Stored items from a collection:
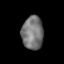
Tissue: skin
Cell type: Myeloid cells
Senescence score: 0.7011
Nuclear area (px): 694
Mean DAPI intensity: 118.993
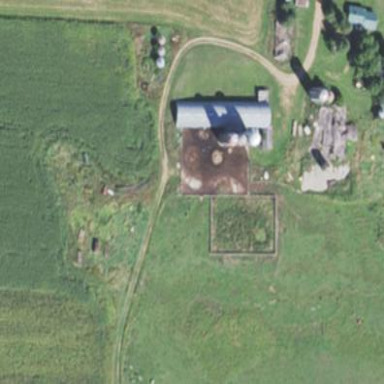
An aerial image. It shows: Farmyard area.
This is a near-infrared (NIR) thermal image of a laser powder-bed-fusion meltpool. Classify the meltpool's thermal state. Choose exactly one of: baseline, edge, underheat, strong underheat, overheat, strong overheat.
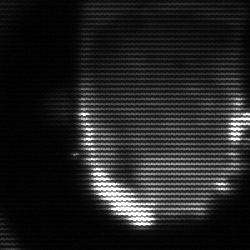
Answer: baseline
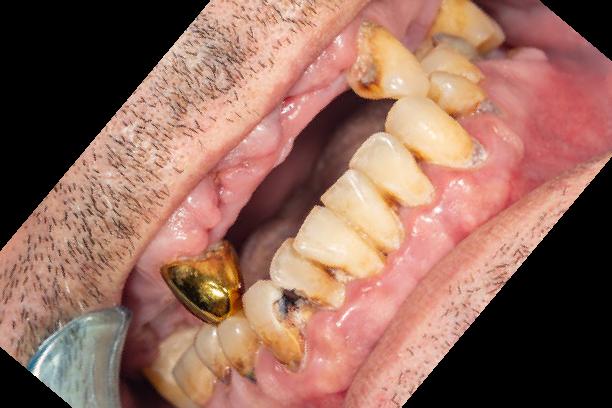
Condition: Gingivitis
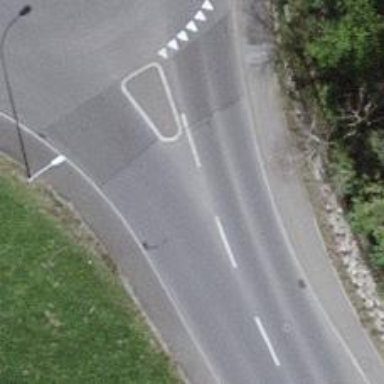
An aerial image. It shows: Unmarked crossing on the road.
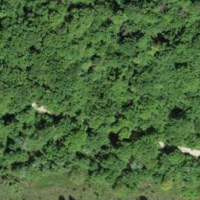
EUNIS habitat code: 41
Species observed at this site:
Hygromia cinctella
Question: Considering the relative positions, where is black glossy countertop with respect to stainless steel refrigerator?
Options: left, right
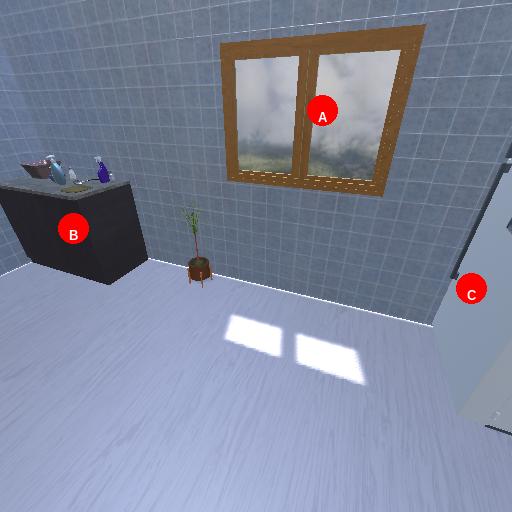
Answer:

About this task → Working down from the line with "An aerial image. It shows: Farmyard area.", copy each line exactly until the last line of the entries, which is also included. Omit the pictures.

Exercise solution →
An aerial image. It shows: Farmyard area.
This is a near-infrared (NIR) thermal image of a laser powder-bed-fusion meltpool. Classify the meltpool's thermal state. Choose exactly one of: baseline, edge, underheat, strong underheat, overheat, strong overheat.
Answer: baseline
Condition: Gingivitis
An aerial image. It shows: Unmarked crossing on the road.
EUNIS habitat code: 41
Species observed at this site:
Hygromia cinctella
Question: Considering the relative positions, where is black glossy countertop with respect to stainless steel refrigerator?
Options: left, right
Answer:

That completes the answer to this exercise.